Following the high court decision, Darwall and other landowners struck a deal with the Dartmoor National Park Authority, where they would be paid compensation in return for allowing wild camping on limited portions of their land. The deal was met with disapproval from Right to Roam campaigners. On 21 January 2023, a protest was organised on Darwall's land to protest the decision, with more than 3,000 people in attendance, making it one of the largest countryside access protests since the 1930s. The park authority subsequently announced that it intended to appeal the High Court’s decision, which it subsequently won in a unanimous Court of Appeal ruling in July 2023, restoring access for wild campers. Following the Court of Appeal ruling, in early 2024 Darwall challenged the decision to overturn the ban and moved for the case to be heard in the Supreme Court.

In May 2025, Supreme Court judges unanimously rejected Darwall's appeal, basing their judgement around the Dartmoor by-law that states "the public shall have a right of access to the commons on foot and on horseback for the purpose of open-air recreation". The judges said that references to open-air recreation were "open-ended and unqualified" and "naturally includes camping".

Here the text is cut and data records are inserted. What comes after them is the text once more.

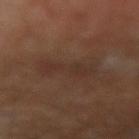The lesion was photographed on a routine skin check and not biopsied; there is no pathology result. Located on the right upper arm. A male patient about 55 years old. Captured under cross-polarized illumination. A close-up tile cropped from a whole-body skin photograph, about 15 mm across. The lesion's longest dimension is about 5 mm.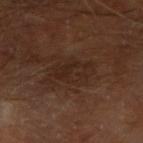Recorded during total-body skin imaging; not selected for excision or biopsy. An algorithmic analysis of the crop reported a border-irregularity rating of about 4/10, a color-variation rating of about 2.5/10, and radial color variation of about 1. The analysis additionally found a detector confidence of about 95 out of 100 that the crop contains a lesion. A male subject, in their mid-60s. From the left forearm. This is a cross-polarized tile. Longest diameter approximately 4.5 mm. A lesion tile, about 15 mm wide, cut from a 3D total-body photograph.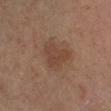Impression: Recorded during total-body skin imaging; not selected for excision or biopsy. Clinical summary: A male subject, approximately 60 years of age. An algorithmic analysis of the crop reported a border-irregularity index near 4/10, a within-lesion color-variation index near 2/10, and radial color variation of about 0.5. And it measured a lesion-detection confidence of about 100/100. On the leg. A roughly 15 mm field-of-view crop from a total-body skin photograph. This is a cross-polarized tile.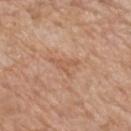Part of a total-body skin-imaging series; this lesion was reviewed on a skin check and was not flagged for biopsy. A 15 mm close-up tile from a total-body photography series done for melanoma screening. A male subject, in their 60s. Located on the mid back.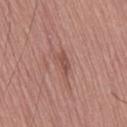The lesion was photographed on a routine skin check and not biopsied; there is no pathology result.
Automated image analysis of the tile measured a footprint of about 4 mm², an outline eccentricity of about 0.85 (0 = round, 1 = elongated), and a symmetry-axis asymmetry near 0.35. The software also gave an average lesion color of about L≈51 a*≈23 b*≈26 (CIELAB) and a normalized border contrast of about 6.
The tile uses white-light illumination.
Measured at roughly 3 mm in maximum diameter.
Cropped from a total-body skin-imaging series; the visible field is about 15 mm.
On the leg.
The patient is a male about 75 years old.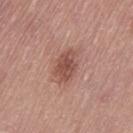Clinical impression:
Part of a total-body skin-imaging series; this lesion was reviewed on a skin check and was not flagged for biopsy.
Image and clinical context:
A female patient, aged 63–67. About 4 mm across. The lesion-visualizer software estimated an area of roughly 7.5 mm², a shape eccentricity near 0.8, and a symmetry-axis asymmetry near 0.2. It also reported an average lesion color of about L≈50 a*≈24 b*≈25 (CIELAB) and about 11 CIELAB-L* units darker than the surrounding skin. And it measured a border-irregularity rating of about 2.5/10, a within-lesion color-variation index near 3/10, and a peripheral color-asymmetry measure near 1. It also reported a detector confidence of about 100 out of 100 that the crop contains a lesion. On the left thigh. The tile uses white-light illumination. A close-up tile cropped from a whole-body skin photograph, about 15 mm across.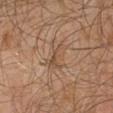{
  "biopsy_status": "not biopsied; imaged during a skin examination",
  "automated_metrics": {
    "area_mm2_approx": 7.0,
    "shape_asymmetry": 0.35,
    "cielab_L": 47,
    "cielab_a": 15,
    "cielab_b": 29,
    "vs_skin_darker_L": 6.0,
    "vs_skin_contrast_norm": 5.0,
    "border_irregularity_0_10": 4.5,
    "color_variation_0_10": 4.0,
    "peripheral_color_asymmetry": 1.5,
    "nevus_likeness_0_100": 0,
    "lesion_detection_confidence_0_100": 75
  },
  "site": "right forearm",
  "lighting": "cross-polarized",
  "image": {
    "source": "total-body photography crop",
    "field_of_view_mm": 15
  },
  "patient": {
    "sex": "male",
    "age_approx": 65
  },
  "lesion_size": {
    "long_diameter_mm_approx": 3.5
  }
}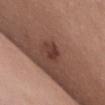This lesion was catalogued during total-body skin photography and was not selected for biopsy.
This image is a 15 mm lesion crop taken from a total-body photograph.
The lesion-visualizer software estimated a lesion area of about 4.5 mm², an outline eccentricity of about 0.75 (0 = round, 1 = elongated), and two-axis asymmetry of about 0.25. It also reported an average lesion color of about L≈38 a*≈21 b*≈24 (CIELAB), roughly 9 lightness units darker than nearby skin, and a lesion-to-skin contrast of about 7.5 (normalized; higher = more distinct). It also reported a peripheral color-asymmetry measure near 1.
The subject is a female aged around 65.
The lesion's longest dimension is about 3 mm.
The tile uses white-light illumination.
The lesion is located on the front of the torso.

Darwall argued that his aim of his court action was to protect and preserve Dartmoor, its flora and fauna, and hollowing out the roll of landowners and farmers will not improve the vitality of Dartmoor. Local residents have previously raised concerns that Darwall's release of pheasants onto his Dartmoor estate was leading to the endangerment of ecological woodland which is habitat for the Blue Ground Beetle, found in only 15 sites across England and Wales.

== Personal life ==
Darwall has donated £89,999 to the UK Independence Party, the Vote Leave campaign supporting a "Leave" vote in the 2016 United Kingdom European Union membership referendum, and the Conservatives between 2014 and 2019. Part of this money included a donation to Anthony Mangnall, the former Conservative MP for Totnes, Devon.

Darwall’s wife Diana is an expert on Chinese ceramics and values and auctions Chinese porcelain.